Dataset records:
---------------

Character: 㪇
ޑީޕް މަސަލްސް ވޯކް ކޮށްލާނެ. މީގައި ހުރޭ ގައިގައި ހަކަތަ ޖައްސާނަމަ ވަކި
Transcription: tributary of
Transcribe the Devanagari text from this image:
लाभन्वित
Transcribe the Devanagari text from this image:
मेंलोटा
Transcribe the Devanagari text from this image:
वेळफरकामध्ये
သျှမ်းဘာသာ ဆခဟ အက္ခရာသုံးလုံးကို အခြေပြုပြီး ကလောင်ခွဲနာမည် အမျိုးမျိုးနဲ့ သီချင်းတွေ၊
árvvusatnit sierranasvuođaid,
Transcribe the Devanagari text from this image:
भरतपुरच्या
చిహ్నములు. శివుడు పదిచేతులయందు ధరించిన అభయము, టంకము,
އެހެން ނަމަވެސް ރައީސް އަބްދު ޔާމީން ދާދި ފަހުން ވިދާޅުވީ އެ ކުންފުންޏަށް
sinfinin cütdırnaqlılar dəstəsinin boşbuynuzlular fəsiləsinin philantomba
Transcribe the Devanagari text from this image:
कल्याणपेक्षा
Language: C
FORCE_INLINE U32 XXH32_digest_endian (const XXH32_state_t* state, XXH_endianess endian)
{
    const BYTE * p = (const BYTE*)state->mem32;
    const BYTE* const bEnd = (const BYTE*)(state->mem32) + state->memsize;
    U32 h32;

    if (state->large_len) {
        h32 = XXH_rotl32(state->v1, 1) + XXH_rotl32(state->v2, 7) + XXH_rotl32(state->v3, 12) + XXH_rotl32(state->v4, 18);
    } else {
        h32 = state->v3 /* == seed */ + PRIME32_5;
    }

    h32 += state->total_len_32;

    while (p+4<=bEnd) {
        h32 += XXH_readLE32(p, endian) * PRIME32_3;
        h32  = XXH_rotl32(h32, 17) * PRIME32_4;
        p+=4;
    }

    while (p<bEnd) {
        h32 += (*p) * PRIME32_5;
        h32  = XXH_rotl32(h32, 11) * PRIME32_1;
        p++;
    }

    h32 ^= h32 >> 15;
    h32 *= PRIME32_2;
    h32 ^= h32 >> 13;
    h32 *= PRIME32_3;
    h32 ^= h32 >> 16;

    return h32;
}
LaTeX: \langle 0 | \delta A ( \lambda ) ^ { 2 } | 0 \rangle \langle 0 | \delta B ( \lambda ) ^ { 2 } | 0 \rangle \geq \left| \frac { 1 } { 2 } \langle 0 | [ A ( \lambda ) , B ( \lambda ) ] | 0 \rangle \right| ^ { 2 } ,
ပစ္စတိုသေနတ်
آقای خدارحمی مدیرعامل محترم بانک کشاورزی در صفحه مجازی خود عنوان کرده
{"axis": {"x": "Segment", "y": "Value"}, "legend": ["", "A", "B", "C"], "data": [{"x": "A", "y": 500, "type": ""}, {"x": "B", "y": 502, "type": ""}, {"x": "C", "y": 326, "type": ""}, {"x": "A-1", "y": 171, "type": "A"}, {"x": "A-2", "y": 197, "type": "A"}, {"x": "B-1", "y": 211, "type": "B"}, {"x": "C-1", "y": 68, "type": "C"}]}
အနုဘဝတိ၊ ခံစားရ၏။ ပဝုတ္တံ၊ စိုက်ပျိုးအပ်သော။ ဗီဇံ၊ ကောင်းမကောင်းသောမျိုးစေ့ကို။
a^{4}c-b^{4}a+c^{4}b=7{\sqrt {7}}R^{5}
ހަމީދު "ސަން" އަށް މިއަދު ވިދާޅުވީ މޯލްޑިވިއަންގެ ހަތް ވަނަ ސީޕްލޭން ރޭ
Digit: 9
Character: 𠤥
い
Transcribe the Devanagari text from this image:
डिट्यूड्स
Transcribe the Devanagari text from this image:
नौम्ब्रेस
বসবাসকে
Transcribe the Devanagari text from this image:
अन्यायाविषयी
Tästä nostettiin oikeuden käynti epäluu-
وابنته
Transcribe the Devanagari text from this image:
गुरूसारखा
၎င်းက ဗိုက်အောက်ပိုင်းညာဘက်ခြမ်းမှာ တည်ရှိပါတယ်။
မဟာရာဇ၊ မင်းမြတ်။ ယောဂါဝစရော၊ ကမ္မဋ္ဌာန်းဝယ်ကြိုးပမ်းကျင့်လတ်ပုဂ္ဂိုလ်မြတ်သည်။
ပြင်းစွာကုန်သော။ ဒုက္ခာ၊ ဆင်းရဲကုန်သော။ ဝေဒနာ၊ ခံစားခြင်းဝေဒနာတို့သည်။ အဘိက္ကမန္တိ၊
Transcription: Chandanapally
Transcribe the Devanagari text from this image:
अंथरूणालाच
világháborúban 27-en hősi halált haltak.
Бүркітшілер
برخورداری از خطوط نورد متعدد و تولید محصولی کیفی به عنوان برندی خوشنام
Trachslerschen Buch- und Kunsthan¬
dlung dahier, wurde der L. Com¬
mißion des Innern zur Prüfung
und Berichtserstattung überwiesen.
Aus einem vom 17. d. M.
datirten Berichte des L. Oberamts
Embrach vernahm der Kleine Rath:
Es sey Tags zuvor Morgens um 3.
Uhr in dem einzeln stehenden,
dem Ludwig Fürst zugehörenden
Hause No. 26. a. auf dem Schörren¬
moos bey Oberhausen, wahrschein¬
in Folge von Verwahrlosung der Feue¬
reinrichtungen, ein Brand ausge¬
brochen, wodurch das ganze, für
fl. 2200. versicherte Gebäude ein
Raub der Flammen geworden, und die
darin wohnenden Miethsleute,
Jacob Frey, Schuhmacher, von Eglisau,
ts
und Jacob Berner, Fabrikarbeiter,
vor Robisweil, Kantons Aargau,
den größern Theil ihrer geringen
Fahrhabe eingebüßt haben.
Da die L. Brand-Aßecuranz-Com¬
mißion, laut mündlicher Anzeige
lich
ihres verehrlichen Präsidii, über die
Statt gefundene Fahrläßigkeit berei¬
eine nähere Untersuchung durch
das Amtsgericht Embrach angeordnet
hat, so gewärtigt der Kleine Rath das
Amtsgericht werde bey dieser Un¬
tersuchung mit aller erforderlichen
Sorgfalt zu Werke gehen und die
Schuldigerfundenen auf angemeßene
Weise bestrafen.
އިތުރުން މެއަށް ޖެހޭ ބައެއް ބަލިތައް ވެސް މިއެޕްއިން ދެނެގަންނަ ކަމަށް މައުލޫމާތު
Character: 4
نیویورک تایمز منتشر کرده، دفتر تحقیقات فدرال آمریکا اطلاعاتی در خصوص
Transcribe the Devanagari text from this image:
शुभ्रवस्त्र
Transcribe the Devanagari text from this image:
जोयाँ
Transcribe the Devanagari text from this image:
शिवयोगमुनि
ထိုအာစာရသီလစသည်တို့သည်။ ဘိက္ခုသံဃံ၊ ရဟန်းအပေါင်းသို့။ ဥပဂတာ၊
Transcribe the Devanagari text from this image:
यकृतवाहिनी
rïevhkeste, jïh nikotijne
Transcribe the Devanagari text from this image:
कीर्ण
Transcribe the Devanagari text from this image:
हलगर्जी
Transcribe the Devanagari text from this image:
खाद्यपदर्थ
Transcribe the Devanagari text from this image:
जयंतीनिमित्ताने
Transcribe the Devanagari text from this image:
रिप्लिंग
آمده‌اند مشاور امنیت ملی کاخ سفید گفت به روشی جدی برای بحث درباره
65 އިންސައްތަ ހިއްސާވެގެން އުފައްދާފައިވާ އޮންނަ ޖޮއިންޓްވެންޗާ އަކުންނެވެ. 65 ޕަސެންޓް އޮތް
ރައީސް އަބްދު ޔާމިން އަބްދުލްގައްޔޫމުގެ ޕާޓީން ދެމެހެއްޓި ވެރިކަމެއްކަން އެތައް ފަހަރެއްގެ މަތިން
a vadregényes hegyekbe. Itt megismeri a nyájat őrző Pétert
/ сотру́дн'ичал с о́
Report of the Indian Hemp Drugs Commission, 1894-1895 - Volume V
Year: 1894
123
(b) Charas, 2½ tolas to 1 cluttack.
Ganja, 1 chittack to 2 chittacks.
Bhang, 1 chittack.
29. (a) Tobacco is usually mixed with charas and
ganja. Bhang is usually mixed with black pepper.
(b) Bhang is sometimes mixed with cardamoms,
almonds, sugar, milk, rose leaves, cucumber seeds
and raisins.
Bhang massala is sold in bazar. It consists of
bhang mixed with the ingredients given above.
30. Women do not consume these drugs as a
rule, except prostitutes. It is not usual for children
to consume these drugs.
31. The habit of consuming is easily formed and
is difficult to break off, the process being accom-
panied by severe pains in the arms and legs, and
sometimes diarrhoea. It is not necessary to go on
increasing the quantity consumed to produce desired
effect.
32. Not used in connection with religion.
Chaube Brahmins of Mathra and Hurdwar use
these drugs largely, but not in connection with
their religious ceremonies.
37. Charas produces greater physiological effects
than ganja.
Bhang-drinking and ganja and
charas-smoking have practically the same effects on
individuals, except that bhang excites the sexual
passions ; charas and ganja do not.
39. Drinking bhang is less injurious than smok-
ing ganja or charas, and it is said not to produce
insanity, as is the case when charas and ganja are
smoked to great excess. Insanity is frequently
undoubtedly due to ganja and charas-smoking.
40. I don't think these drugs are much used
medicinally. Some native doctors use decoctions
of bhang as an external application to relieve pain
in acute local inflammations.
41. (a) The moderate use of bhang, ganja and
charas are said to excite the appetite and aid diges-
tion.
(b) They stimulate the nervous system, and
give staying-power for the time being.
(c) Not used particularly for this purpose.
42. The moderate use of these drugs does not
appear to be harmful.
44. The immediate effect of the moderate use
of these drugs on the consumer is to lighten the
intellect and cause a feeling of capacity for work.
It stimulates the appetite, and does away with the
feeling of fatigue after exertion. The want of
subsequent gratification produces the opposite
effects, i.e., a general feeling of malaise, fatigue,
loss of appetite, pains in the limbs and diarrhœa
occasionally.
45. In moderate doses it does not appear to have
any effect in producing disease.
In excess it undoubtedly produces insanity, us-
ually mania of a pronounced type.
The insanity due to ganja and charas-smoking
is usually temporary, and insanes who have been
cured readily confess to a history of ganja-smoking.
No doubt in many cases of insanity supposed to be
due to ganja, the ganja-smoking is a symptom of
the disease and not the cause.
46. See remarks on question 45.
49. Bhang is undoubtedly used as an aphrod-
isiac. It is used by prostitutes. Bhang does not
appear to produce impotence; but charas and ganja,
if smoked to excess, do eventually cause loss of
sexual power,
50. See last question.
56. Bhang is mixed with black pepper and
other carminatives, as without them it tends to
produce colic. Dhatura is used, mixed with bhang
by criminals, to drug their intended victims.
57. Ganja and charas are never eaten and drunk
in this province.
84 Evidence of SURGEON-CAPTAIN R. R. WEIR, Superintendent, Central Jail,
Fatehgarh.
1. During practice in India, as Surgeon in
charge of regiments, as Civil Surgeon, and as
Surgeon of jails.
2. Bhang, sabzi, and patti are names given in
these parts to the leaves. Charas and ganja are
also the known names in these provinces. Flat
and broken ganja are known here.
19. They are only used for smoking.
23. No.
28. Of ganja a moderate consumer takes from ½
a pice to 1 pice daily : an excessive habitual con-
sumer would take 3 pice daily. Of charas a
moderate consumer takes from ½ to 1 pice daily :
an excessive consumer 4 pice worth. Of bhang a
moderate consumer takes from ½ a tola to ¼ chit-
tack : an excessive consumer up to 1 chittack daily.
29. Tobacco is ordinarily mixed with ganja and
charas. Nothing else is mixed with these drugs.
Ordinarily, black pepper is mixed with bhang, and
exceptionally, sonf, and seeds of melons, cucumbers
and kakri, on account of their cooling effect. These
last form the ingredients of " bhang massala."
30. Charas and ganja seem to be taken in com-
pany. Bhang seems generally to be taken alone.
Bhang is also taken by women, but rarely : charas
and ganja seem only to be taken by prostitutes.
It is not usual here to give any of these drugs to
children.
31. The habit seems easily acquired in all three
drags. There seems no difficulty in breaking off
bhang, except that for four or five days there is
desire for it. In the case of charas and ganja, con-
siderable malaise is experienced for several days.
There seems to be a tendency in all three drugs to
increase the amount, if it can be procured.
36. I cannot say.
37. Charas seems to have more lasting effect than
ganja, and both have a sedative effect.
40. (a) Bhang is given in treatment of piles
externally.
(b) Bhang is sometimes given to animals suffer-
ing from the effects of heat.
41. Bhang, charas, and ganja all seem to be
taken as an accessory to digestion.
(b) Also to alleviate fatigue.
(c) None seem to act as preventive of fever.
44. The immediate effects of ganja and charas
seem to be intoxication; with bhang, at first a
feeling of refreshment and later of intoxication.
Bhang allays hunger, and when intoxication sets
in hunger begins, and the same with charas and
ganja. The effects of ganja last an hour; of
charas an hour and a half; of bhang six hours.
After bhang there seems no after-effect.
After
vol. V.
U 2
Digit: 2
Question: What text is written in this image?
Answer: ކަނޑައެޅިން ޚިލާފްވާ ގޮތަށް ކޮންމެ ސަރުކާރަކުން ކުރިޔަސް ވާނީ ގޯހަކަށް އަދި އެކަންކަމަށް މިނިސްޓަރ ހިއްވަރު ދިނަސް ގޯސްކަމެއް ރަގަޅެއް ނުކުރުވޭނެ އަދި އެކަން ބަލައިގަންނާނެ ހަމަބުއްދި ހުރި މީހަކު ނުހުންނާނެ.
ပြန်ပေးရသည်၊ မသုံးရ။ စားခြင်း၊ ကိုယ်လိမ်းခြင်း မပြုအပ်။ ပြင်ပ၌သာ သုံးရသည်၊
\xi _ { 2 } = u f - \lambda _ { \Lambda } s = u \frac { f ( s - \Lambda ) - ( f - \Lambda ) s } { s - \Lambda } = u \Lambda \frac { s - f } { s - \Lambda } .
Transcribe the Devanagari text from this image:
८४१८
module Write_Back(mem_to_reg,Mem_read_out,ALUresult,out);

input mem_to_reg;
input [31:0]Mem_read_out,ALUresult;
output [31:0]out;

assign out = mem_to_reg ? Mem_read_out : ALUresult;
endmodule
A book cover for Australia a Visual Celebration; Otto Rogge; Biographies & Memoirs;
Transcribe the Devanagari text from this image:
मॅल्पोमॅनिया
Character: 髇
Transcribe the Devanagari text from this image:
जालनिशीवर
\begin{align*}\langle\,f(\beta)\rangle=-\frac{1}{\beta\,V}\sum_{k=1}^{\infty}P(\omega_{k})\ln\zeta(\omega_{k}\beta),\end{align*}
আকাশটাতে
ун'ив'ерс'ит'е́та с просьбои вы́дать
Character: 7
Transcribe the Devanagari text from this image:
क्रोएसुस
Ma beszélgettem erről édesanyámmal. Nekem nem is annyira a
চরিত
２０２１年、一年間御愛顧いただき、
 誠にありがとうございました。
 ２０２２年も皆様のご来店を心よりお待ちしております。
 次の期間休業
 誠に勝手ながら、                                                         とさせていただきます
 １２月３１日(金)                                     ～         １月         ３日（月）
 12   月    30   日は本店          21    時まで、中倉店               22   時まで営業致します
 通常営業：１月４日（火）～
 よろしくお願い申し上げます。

---------------

▸ **Directions**
The line above containing "smoked to great", the line containing "44. The immediate effect of the moderate use", and every line between them are to be transcribed exactly; no other line is wanted.

▸ **Result for this task**
smoked to great excess. Insanity is frequently
undoubtedly due to ganja and charas-smoking.
40. I don't think these drugs are much used
medicinally. Some native doctors use decoctions
of bhang as an external application to relieve pain
in acute local inflammations.
41. (a) The moderate use of bhang, ganja and
charas are said to excite the appetite and aid diges-
tion.
(b) They stimulate the nervous system, and
give staying-power for the time being.
(c) Not used particularly for this purpose.
42. The moderate use of these drugs does not
appear to be harmful.
44. The immediate effect of the moderate use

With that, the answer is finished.